Files
ik_llama.cpp/github-data/pull_requests/277 - Attempt to improve FlashMLA on the CPU.md
2025-07-23 13:31:53 +02:00

4.3 KiB

🔀 #277 - Attempt to improve FlashMLA on the CPU

Author ikawrakow
State Closed
Created 2025-03-22
Updated 2025-03-23

Description

@saood06 Can you try if this works better for your setup with -mla 3 -fa? Thanks.

There is a faster path for TG with FA and mla=1,3. But it only gets taken if some values are a multiple of the number of threads. This PR changes the implementation to also take the fast path when this is not the case.

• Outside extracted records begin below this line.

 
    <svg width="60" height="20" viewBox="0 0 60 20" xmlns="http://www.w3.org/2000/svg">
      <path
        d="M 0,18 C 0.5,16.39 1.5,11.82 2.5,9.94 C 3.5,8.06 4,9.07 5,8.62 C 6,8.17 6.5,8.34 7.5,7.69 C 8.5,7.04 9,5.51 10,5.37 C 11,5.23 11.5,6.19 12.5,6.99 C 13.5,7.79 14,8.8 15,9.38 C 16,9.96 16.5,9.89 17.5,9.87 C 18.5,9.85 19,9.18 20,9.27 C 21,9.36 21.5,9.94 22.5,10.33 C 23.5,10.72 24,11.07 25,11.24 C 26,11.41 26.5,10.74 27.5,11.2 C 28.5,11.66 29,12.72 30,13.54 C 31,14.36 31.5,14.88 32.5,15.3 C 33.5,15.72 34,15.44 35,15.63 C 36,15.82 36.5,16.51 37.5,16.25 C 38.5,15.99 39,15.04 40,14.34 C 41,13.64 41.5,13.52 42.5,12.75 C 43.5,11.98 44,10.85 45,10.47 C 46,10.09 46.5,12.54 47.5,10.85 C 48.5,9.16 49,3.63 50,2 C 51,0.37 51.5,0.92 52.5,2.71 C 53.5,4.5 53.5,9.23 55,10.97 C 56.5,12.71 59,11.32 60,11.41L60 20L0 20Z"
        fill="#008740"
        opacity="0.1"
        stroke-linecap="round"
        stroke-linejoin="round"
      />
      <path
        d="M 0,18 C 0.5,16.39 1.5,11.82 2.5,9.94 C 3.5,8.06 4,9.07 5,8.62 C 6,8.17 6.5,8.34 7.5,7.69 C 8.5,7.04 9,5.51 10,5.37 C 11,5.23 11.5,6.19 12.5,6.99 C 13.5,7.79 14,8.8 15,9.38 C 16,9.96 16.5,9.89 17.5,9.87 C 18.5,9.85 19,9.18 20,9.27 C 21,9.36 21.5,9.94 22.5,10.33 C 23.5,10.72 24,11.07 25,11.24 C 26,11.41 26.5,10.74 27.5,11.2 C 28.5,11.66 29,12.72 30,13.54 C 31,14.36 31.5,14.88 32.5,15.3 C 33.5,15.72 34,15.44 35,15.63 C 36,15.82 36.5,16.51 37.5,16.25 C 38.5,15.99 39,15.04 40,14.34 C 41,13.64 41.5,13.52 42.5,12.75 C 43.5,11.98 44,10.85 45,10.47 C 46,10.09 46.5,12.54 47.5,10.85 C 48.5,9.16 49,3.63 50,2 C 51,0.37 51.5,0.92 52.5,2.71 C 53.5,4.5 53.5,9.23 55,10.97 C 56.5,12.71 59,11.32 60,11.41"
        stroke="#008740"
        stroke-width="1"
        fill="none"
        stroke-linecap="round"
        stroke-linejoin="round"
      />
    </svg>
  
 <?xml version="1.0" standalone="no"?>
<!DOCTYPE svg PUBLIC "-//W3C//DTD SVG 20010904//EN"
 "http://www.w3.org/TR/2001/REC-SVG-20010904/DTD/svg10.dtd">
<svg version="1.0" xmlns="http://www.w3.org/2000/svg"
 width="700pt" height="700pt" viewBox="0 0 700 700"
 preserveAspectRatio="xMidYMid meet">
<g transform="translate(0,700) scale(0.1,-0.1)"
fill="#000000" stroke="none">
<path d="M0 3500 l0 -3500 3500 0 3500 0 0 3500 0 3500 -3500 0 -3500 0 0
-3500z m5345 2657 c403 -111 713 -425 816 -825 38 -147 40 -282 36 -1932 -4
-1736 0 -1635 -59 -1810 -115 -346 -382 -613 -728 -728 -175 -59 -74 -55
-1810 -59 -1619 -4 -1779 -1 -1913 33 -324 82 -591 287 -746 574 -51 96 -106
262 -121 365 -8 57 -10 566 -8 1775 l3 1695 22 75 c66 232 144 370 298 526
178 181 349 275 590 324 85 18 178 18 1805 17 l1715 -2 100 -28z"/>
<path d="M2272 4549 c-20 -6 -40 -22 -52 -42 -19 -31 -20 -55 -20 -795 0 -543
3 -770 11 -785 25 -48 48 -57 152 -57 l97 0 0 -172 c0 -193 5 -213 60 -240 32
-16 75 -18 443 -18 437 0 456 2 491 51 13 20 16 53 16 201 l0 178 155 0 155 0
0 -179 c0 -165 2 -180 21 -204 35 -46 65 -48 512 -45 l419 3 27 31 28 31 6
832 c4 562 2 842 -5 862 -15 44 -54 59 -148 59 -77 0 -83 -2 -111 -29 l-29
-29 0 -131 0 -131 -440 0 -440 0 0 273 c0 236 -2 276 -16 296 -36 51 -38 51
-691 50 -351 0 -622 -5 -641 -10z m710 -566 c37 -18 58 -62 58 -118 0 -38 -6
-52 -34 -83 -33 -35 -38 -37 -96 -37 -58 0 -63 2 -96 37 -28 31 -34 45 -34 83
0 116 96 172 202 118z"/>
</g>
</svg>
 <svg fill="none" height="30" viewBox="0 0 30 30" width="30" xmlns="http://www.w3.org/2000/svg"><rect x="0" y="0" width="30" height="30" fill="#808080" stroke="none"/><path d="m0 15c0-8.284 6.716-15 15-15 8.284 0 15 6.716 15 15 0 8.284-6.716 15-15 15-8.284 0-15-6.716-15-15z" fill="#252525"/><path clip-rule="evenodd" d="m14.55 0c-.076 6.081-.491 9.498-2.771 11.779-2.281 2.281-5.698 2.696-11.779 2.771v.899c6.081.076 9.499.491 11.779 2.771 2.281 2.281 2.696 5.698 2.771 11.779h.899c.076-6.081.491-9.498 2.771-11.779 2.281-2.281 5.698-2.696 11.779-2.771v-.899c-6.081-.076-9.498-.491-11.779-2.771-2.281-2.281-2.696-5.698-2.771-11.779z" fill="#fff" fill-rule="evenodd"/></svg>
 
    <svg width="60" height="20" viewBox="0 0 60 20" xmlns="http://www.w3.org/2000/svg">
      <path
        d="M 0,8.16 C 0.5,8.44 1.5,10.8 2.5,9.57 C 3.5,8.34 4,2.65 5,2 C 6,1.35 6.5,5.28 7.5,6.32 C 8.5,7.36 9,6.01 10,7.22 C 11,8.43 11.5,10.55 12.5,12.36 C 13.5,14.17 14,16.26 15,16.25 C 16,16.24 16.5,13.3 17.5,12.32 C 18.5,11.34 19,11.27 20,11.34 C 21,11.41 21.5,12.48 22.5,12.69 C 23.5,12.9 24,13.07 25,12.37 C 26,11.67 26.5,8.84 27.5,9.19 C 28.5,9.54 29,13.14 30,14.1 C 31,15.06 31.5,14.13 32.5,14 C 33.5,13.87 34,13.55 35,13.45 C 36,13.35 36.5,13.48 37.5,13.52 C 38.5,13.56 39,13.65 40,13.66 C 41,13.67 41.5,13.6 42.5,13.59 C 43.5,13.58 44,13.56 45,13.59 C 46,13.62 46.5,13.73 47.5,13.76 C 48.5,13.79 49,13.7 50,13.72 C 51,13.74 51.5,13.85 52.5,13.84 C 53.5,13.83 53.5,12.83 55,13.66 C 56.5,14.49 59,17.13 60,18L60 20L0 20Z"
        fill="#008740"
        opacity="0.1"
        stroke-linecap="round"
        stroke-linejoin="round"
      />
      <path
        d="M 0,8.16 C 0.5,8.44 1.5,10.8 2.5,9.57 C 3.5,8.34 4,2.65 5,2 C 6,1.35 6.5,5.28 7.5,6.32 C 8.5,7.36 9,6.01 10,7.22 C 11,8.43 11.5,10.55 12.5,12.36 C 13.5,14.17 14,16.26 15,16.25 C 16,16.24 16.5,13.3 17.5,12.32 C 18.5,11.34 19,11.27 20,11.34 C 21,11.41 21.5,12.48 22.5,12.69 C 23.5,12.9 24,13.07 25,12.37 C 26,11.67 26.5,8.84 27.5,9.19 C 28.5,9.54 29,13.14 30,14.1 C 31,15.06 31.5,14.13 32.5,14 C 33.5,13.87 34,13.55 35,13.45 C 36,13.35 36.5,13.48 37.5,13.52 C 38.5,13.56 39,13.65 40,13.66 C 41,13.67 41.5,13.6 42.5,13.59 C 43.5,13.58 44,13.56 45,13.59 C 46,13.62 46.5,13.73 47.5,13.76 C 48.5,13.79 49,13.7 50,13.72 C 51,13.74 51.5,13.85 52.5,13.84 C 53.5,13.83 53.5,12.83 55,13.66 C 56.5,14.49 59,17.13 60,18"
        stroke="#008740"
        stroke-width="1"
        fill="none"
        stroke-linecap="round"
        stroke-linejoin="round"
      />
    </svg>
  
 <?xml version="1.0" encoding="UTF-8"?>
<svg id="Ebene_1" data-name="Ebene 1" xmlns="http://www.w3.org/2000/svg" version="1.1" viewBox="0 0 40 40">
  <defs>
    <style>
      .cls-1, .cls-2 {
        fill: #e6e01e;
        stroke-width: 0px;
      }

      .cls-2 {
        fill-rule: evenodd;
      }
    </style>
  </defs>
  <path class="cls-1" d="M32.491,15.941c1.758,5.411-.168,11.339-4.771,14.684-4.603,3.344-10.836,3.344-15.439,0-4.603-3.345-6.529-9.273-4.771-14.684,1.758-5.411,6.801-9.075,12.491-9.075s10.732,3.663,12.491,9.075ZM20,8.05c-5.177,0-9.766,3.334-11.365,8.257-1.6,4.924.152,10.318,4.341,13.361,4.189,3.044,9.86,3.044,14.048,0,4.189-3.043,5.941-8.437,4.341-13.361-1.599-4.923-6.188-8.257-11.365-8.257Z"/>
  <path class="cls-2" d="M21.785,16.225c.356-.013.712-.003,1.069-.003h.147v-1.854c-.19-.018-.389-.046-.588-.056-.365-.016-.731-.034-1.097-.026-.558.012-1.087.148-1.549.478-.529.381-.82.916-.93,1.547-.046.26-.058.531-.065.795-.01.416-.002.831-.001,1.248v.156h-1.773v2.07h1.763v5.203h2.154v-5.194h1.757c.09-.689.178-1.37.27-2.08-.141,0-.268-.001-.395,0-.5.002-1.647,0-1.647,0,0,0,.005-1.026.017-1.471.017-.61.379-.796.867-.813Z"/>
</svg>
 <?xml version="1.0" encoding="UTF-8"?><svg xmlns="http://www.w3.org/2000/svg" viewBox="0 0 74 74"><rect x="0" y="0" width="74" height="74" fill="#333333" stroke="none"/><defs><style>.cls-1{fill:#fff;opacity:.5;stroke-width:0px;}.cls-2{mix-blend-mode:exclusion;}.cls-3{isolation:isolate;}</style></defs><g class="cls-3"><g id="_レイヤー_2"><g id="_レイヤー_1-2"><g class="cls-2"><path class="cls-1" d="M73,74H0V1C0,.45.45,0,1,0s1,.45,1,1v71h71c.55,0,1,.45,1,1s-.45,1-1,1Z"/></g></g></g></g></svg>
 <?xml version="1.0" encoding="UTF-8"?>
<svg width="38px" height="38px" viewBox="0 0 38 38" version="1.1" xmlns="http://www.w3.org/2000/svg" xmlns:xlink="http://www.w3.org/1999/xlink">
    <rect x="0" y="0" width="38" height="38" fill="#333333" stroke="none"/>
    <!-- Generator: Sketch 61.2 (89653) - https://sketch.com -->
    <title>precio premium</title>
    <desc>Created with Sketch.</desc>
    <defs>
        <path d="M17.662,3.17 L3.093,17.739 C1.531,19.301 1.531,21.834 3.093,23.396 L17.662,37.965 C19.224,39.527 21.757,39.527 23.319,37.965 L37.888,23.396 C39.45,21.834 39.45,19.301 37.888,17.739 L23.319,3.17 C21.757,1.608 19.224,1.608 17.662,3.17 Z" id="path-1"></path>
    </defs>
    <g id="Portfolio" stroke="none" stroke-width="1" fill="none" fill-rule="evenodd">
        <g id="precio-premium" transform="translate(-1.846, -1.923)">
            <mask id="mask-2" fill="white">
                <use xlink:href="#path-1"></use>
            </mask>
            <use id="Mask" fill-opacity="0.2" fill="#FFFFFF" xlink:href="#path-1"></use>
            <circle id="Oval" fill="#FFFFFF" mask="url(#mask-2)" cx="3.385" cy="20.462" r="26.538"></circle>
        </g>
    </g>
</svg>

On a 32-core AVX2 system I observe some speedup with 24 and 48 threads compared to main, so would be curious to know if this also improves things on a dual-socket system.


💬 Conversation

👤 saood06 commented the 2025-03-22 at 10:59:25:

I'll test this with sweep-bench after the other 5 tests finish, as these tests take a long time and I'm stepping away from my desk right now.


👤 saood06 commented the 2025-03-23 at 01:12:52:

@ikawrakow

performance_comparison_tg

And also here's PP since it was generated anyway

performance_comparison_pp

It seems a bit better (not counting the dips), but also far less dippy.

Raw results for just the new one (the other two results can be found here:

PP TG N_KV T_PP s S_PP t/s T_TG s S_TG t/s
512 128 0 48.754 10.50 40.043 3.20
512 128 512 56.433 9.07 43.464 2.94
512 128 1024 60.712 8.43 44.910 2.85
512 128 1536 61.807 8.28 47.010 2.72
512 128 2048 65.382 7.83 46.706 2.74
512 128 2560 70.156 7.30 51.438 2.49
512 128 3072 75.558 6.78 53.727 2.38
512 128 3584 78.041 6.56 50.177 2.55
512 128 4096 84.688 6.05 58.306 2.20
512 128 4608 85.242 6.01 63.003 2.03
512 128 5120 91.160 5.62 54.252 2.36
512 128 5632 93.483 5.48 65.675 1.95
512 128 6144 98.880 5.18 67.585 1.89
512 128 6656 100.640 5.09 57.896 2.21
512 128 7168 107.185 4.78 72.212 1.77
512 128 7680 108.857 4.70 74.564 1.72
512 128 8192 115.826 4.42 61.616 2.08
512 128 8704 113.650 4.51 79.637 1.61
512 128 9216 122.627 4.18 81.836 1.56
512 128 9728 126.315 4.05 66.243 1.93
512 128 10240 128.907 3.97 86.488 1.48
512 128 10752 130.635 3.92 89.207 1.43
512 128 11264 136.390 3.75 69.141 1.85
512 128 11776 139.686 3.67 93.714 1.37
512 128 12288 144.628 3.54 96.818 1.32
512 128 12800 145.450 3.52 72.717 1.76
512 128 13312 151.784 3.37 100.625 1.27
512 128 13824 152.003 3.37 103.557 1.24
512 128 14336 154.965 3.30 76.980 1.66
512 128 14848 158.545 3.23 107.938 1.19
512 128 15360 166.232 3.08 110.376 1.16
512 128 15872 164.796 3.11 81.677 1.57

👤 ikawrakow commented the 2025-03-23 at 06:28:14:

Thank you for these results.

I'll look into the performance dips, but it is kind of tricky. When the work to be done is not evenly dividable between the threads, there will always be a slightly lower performance. But yes, I'm somewhat surprised that the performance dips are so large.